Stored data entries:
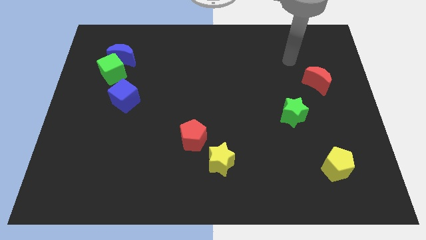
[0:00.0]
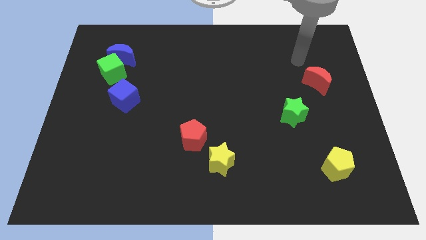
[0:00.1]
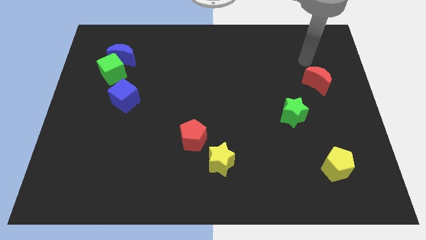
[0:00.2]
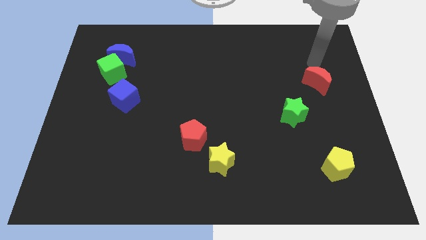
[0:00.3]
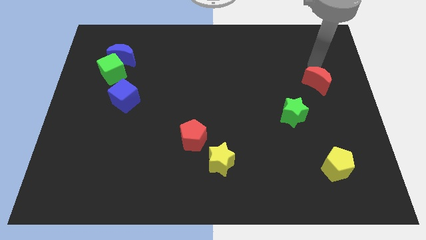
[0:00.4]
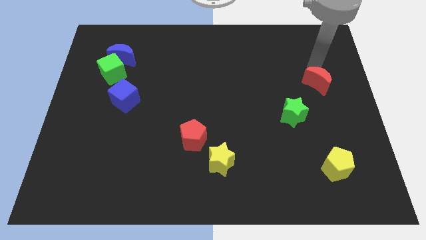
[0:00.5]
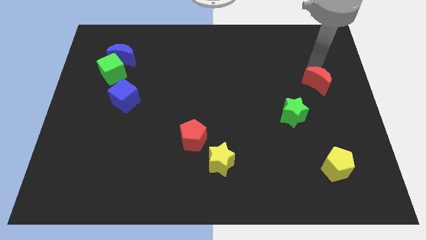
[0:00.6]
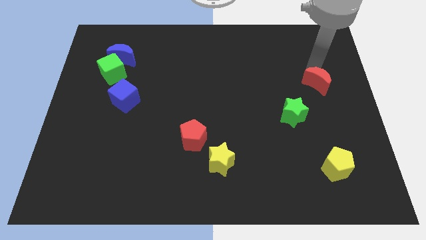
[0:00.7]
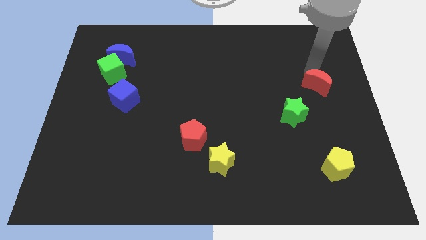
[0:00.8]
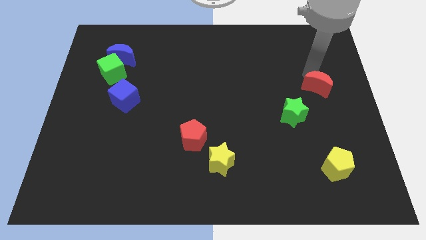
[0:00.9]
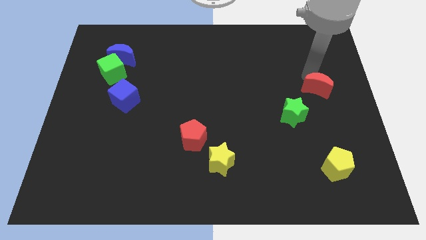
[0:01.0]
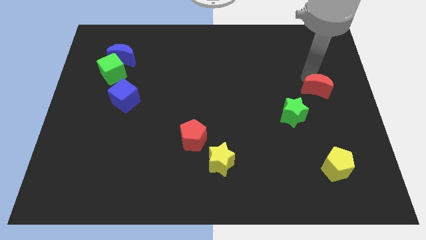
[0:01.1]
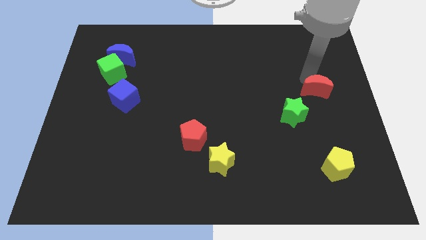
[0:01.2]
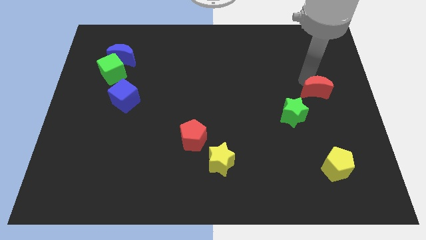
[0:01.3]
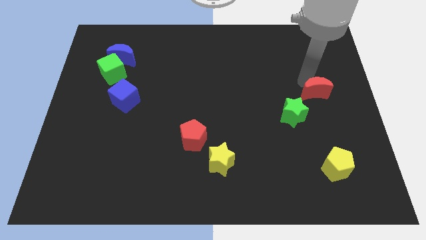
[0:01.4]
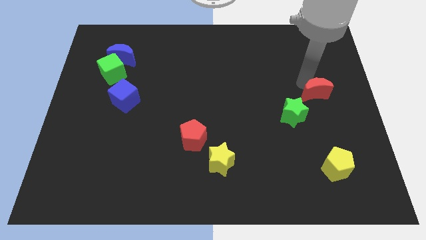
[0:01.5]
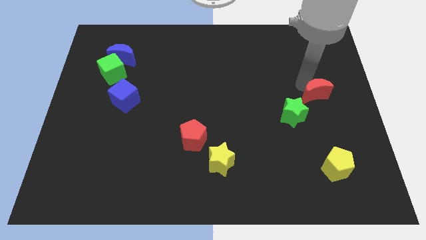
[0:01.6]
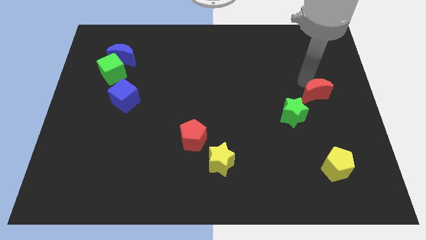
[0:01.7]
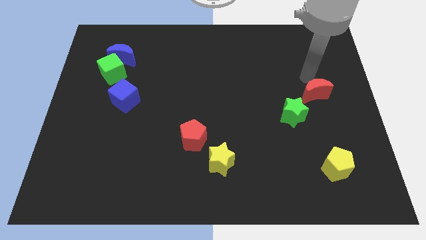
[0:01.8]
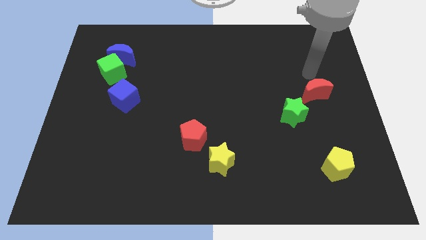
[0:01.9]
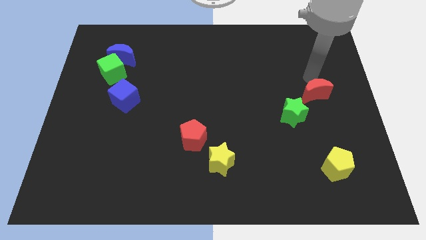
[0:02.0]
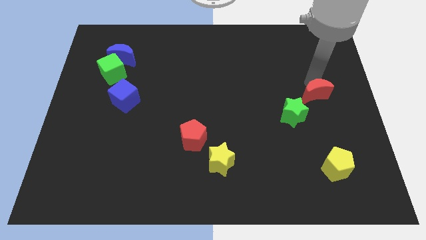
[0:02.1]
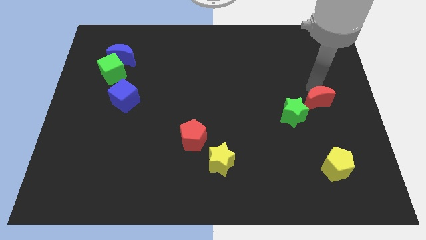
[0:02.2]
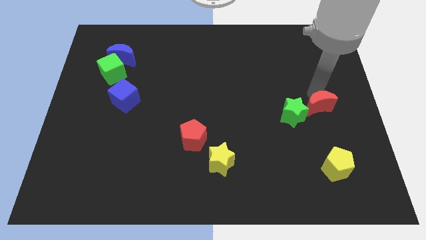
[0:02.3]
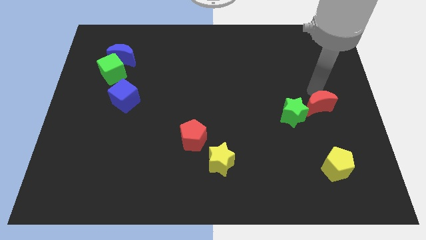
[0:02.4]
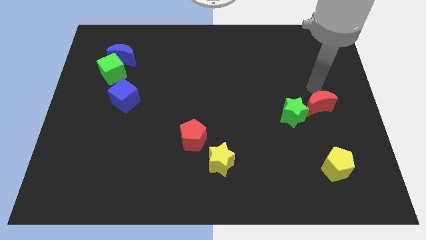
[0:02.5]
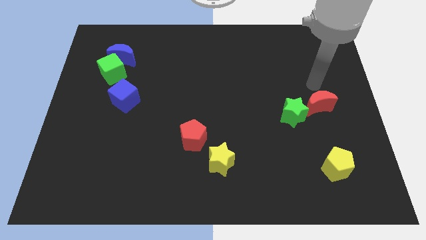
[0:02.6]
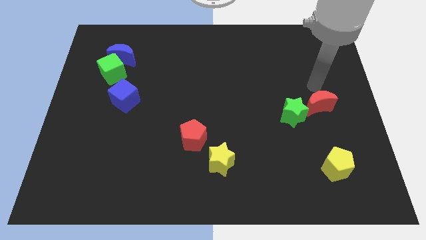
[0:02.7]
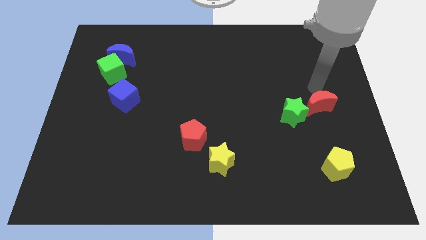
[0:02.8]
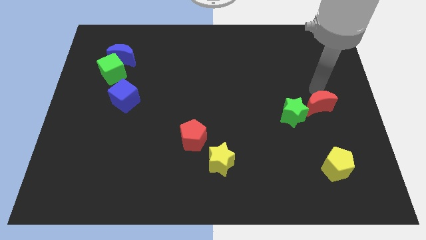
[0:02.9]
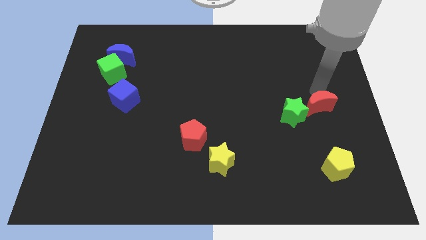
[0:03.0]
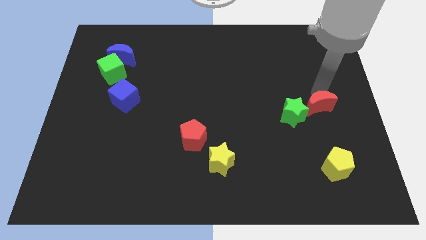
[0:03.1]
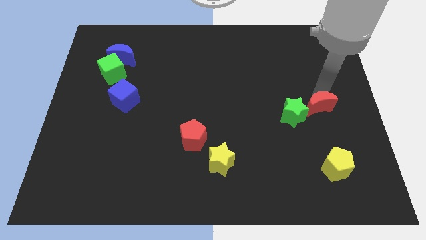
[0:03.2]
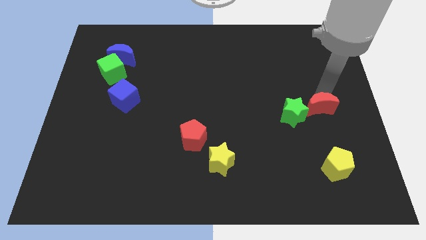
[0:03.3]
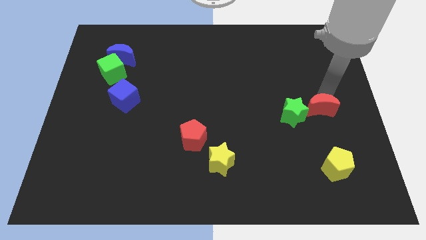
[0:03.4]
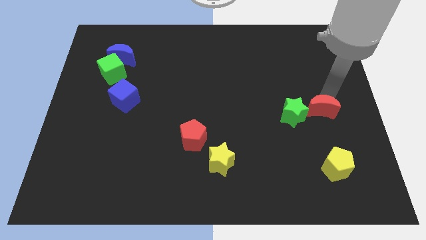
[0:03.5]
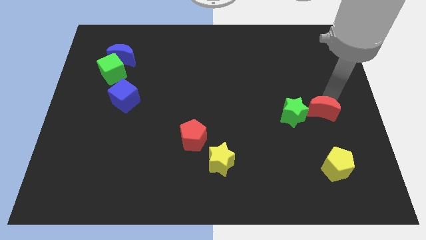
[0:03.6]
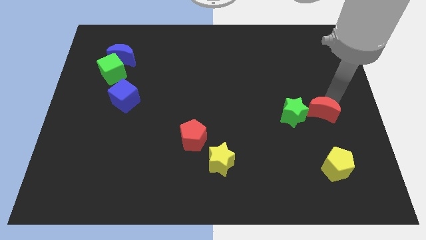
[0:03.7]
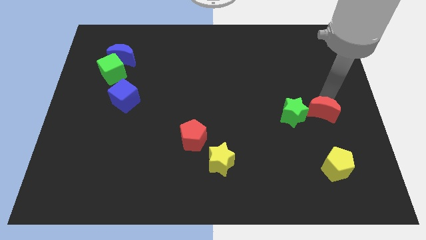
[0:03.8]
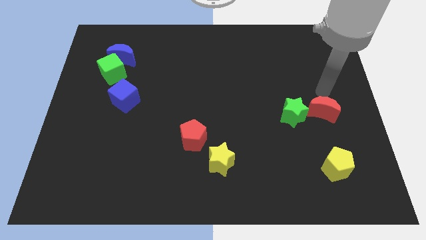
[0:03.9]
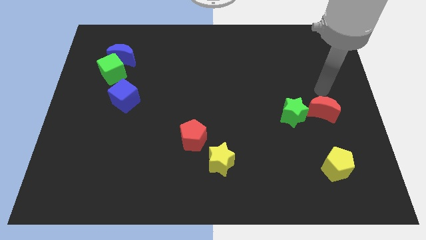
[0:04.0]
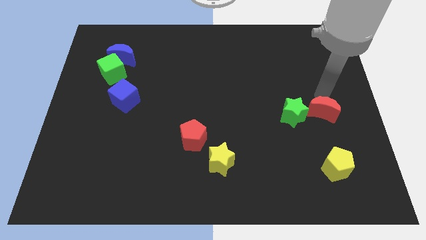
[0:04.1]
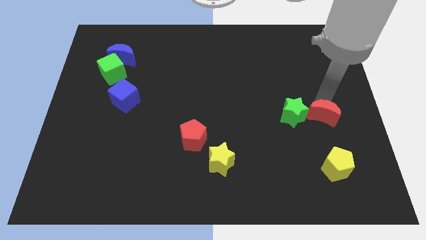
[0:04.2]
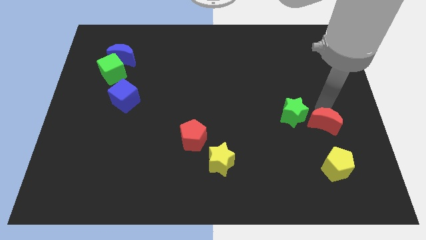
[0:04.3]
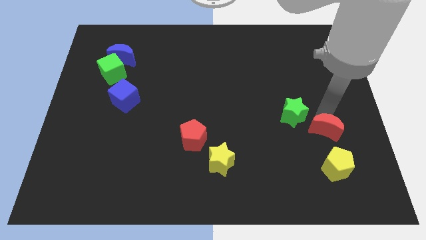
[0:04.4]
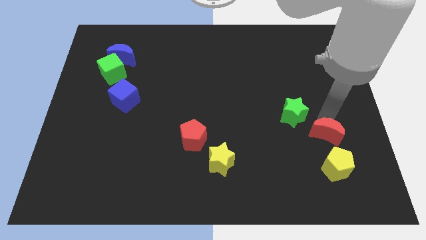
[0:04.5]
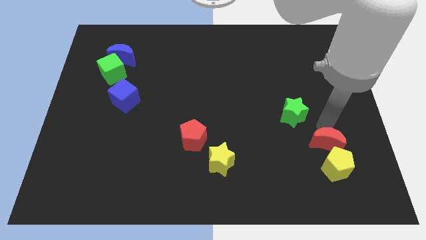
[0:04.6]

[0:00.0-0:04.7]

THE PROBLEM >> Restate every line above exactly, omitting images.

RESULT OF THE TASK >>
[0:00.0]
[0:00.1]
[0:00.2]
[0:00.3]
[0:00.4]
[0:00.5]
[0:00.6]
[0:00.7]
[0:00.8]
[0:00.9]
[0:01.0]
[0:01.1]
[0:01.2]
[0:01.3]
[0:01.4]
[0:01.5]
[0:01.6]
[0:01.7]
[0:01.8]
[0:01.9]
[0:02.0]
[0:02.1]
[0:02.2]
[0:02.3]
[0:02.4]
[0:02.5]
[0:02.6]
[0:02.7]
[0:02.8]
[0:02.9]
[0:03.0]
[0:03.1]
[0:03.2]
[0:03.3]
[0:03.4]
[0:03.5]
[0:03.6]
[0:03.7]
[0:03.8]
[0:03.9]
[0:04.0]
[0:04.1]
[0:04.2]
[0:04.3]
[0:04.4]
[0:04.5]
[0:04.6]

[0:00.0-0:04.7]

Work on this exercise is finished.